Все богатство квартиры составлял вечно разложенный диван-полуторка и телевизор "Электроника" с крошечным черно-белым экранчиком на подоконнике. Отклеившиеся по периметру комнаты зеленые обои висели пальмовыми листьями. Казалось, что под ними есть бананы. Нужно только залезть на стул и приподнять поникшую зеленую полосу. Но в квартире не было ни одного стула. Даже на кухне. Жора Прокудин ни на йоту не изменил дизайн, доставшийся ему от хозяина квартиры. Нельзя сказать, чтобы он всей душой проникся его философским отношением к жизни, где все временно и всякое богатство имеет лишь иллюзорную ценность, поскольку на небеса его с собой не взять. Просто Жора всегда находился в готовности к бегству. И этот день все-таки наступил.
– За-автра... За-автра, – под пение упал он спиной на диван.
Диван огрызнулся острыми шипами пружин. Диван не знал, что сегодня Жорик не чувствует ничего.
А временно ничего не чувствующий Прокудин невидяще посмотрел на серый, в струпьях старой эмульсионки потолок и только сейчас заметил, что держит нечто чужое в правой руке.
Он поднес руку к лицу и с удивлением обнаружил в ней телефон. Звонков вроде не было, а пальцы упрямо сжимали трубку. Жора Прокудин с усилием сел, от головы сразу отхлынуло, и память вернула ему ощущение машины, тьмы, ночи.
– А-а, я ж обещал тебя ре... ре... реанимировать, – все-таки выговорил он. – Точно?.. Точно!
При свете указательный палец левой руки оказался побойчее. Он воткнулся во все нужные кнопки без сбоя.

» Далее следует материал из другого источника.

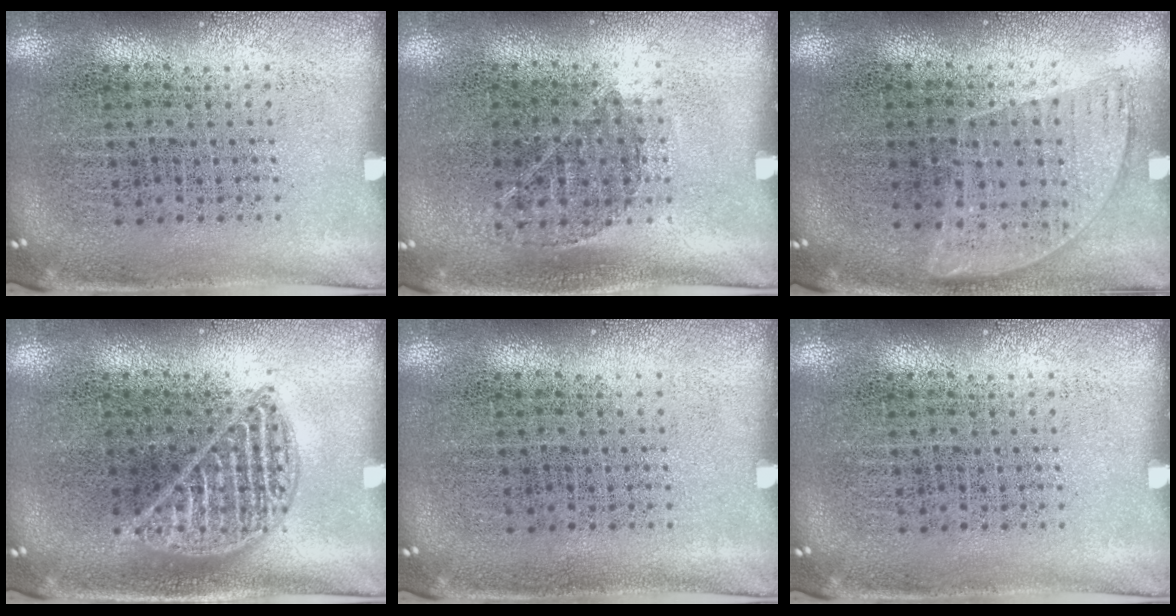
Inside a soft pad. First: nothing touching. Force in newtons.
{"total": 0.8, "press": 0.6, "slide": 0.5}
{"total": 0.9, "press": 0.8, "slide": 0.4}
{"total": 2.0, "press": 2.0, "slide": 0.2}
{"total": 0.0}
{"total": 0.0}
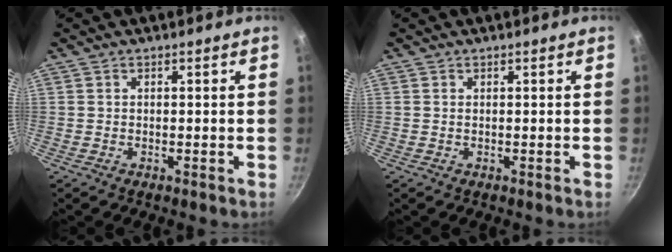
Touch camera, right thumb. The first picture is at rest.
{"total": 0.0}
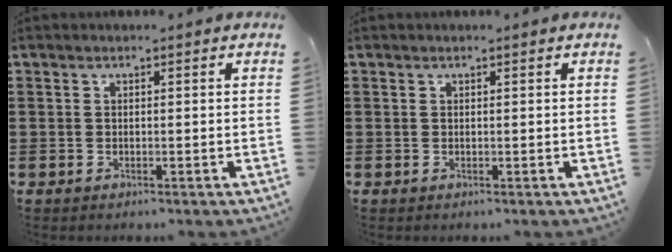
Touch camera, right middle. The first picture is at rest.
{"total": 0.0}
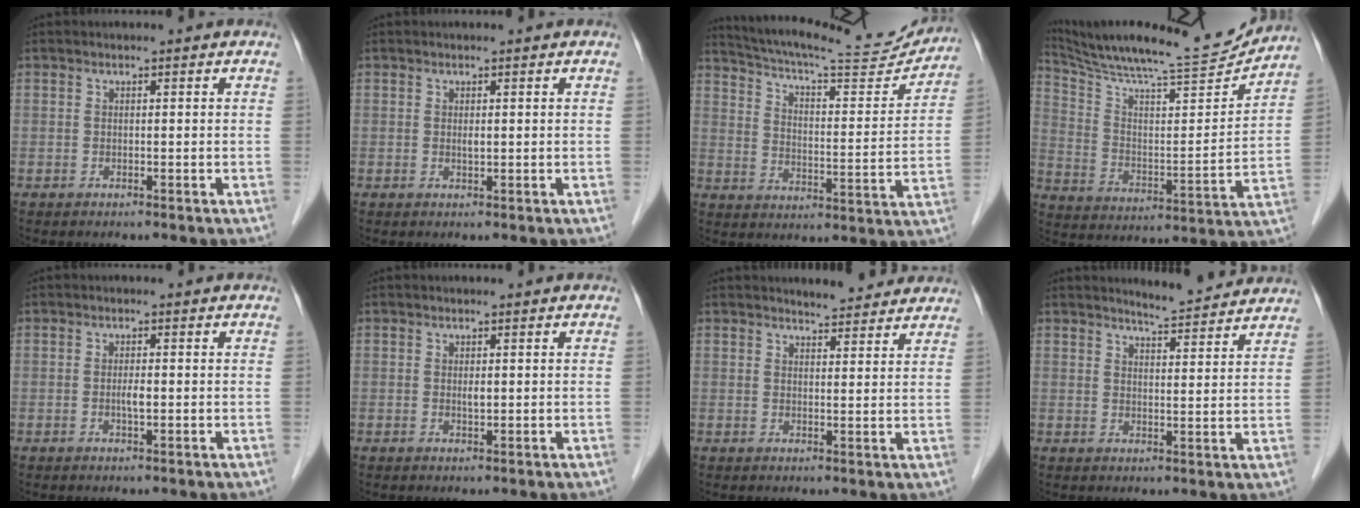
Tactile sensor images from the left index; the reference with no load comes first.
{"total": 0.7, "force": [0.1, 0.2, 0.6], "torque": [-0.014, -0.004, 0.001]}
{"total": 20.4, "force": [19.1, 2.0, 6.8], "torque": [-0.113, -0.033, 0.259]}
{"total": 20.0, "force": [18.9, 0.2, 6.3], "torque": [-0.121, -0.047, 0.289]}
{"total": 1.4, "force": [-0.3, 0.3, 1.3], "torque": [-0.025, -0.003, -0.006]}
{"total": 0.9, "force": [0.1, 0.3, 0.8], "torque": [-0.015, -0.004, 0.001]}
{"total": 5.9, "force": [5.5, 1.1, 1.7], "torque": [-0.025, 0.004, 0.066]}
{"total": 7.6, "force": [7.3, 0.2, 2.0], "torque": [-0.042, 0.000, 0.094]}
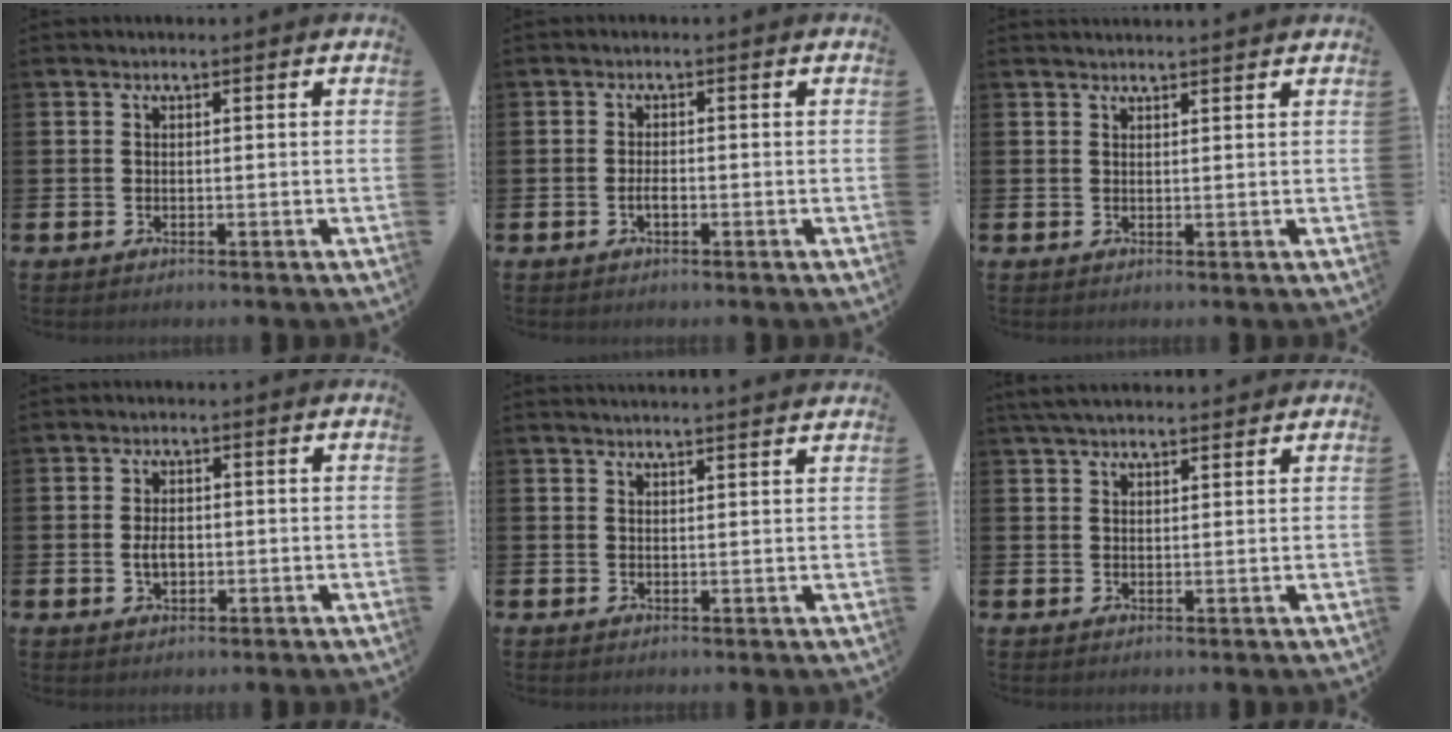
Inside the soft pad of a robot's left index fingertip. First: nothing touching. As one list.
[{"total": 1.4, "force": [-0.5, 0.6, 1.2], "torque": [-0.021, 0.000, -0.012]}, {"total": 1.5, "force": [1.5, 0.0, 0.1], "torque": [0.007, -0.007, 0.025]}, {"total": 2.7, "force": [-0.2, 1.7, 2.1], "torque": [-0.030, 0.001, -0.007]}, {"total": 2.2, "force": [2.2, -0.3, -0.1], "torque": [0.000, -0.011, 0.040]}, {"total": 3.5, "force": [3.2, 0.8, 1.2], "torque": [-0.030, -0.008, 0.060]}]
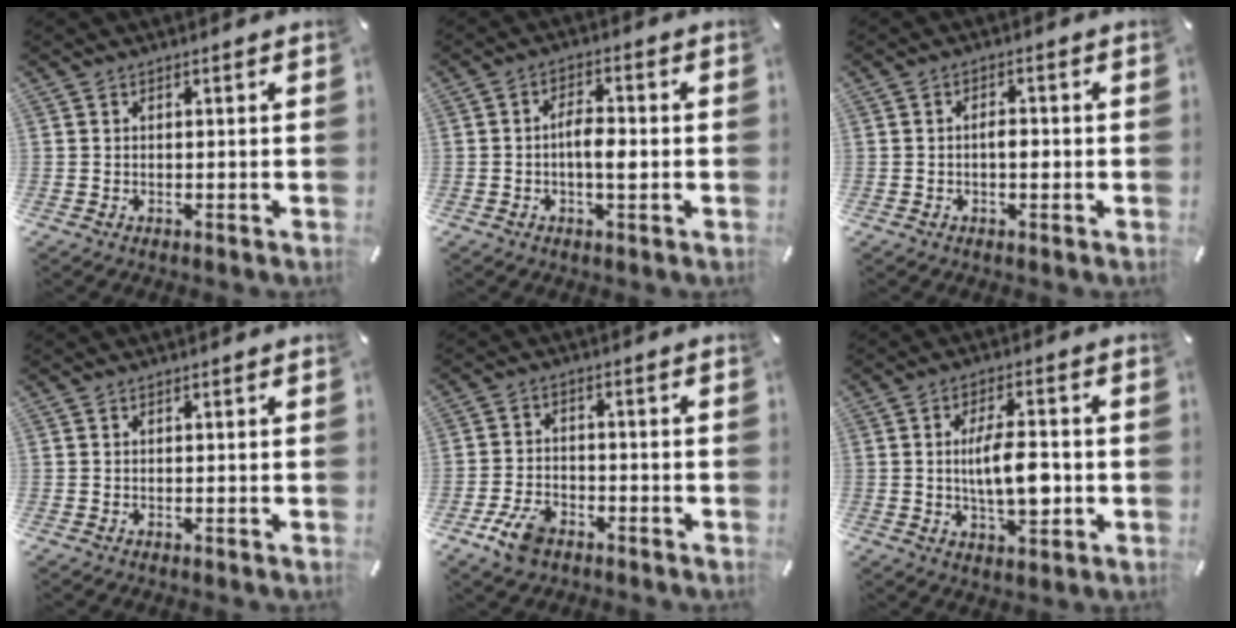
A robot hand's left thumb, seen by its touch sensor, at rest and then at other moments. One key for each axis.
{"total": 5.4, "fx": -0.9, "fy": 2.3, "fz": 4.8, "tx": -0.084, "ty": 0.011, "tz": -0.016}
{"total": 2.9, "fx": -0.5, "fy": 1.4, "fz": 2.5, "tx": -0.047, "ty": 0.007, "tz": -0.011}
{"total": 0.0}
{"total": 7.2, "fx": -4.3, "fy": 4.0, "fz": 4.1, "tx": -0.093, "ty": 0.016, "tz": -0.081}
{"total": 10.5, "fx": -0.7, "fy": 4.6, "fz": 9.4, "tx": -0.163, "ty": -0.006, "tz": -0.018}

– Але, – по-дурацки ответил Топор.
Он всегда начинал с этого бабьего словечка. Кто его научил подобной гадости, Жора Прокудин не мог представить. Наверное, это было первое телефонное слово, которое Топор услышал дважды.
– Вот скотство! – ругнулся Жора. – Где я руку ободрал?!
– Чего?
– Руку, грю, где ободрал?
Красные полоски на ладони левой руки лежали крест накрест, будто хотели сложиться в геометрическую фигуру, но так и не смогли.
– Кто это? – испуганно спросил Топор.
– Это я – Жорик. Руку, понимаешь...
– Босс опять звонил.
– Переживет. Я уже, считай, на Алтае. В этой... как ее...
Второй раз вспомнить название придуманного села он уже не мог. В голове Жоры Прокудина не было того механизма, которым обладал Топор.
– А что он сказал? – все-таки Босс был злым мужиком.
– То же, что и утром, – вяло ответил Топор.
– А что утром?.. А-а, ладно! К хренам! Слушай боевой приказ: канаты рубить, мачты ломать, матросов на рею!
– Каких матросов?
Чувствовалось, что Топор просто не знал значения слова "рея". Жора Прокудин не стал делать друга чуть умнее. Слово он не повторил. Перед глазами плавно раскачивались обвислые зеленые обои. Теперь они уже казались не пальмовыми листьями, а волнами, готовыми захлестнуть его.
– Знач... та-ак, – протянул Жора. – Выезжаем завтра вечером... Поездом... Билеты на троих я взял... У меня как раз три фа... фальши... шишивых паспорта. Два – мужских. Один – бабский.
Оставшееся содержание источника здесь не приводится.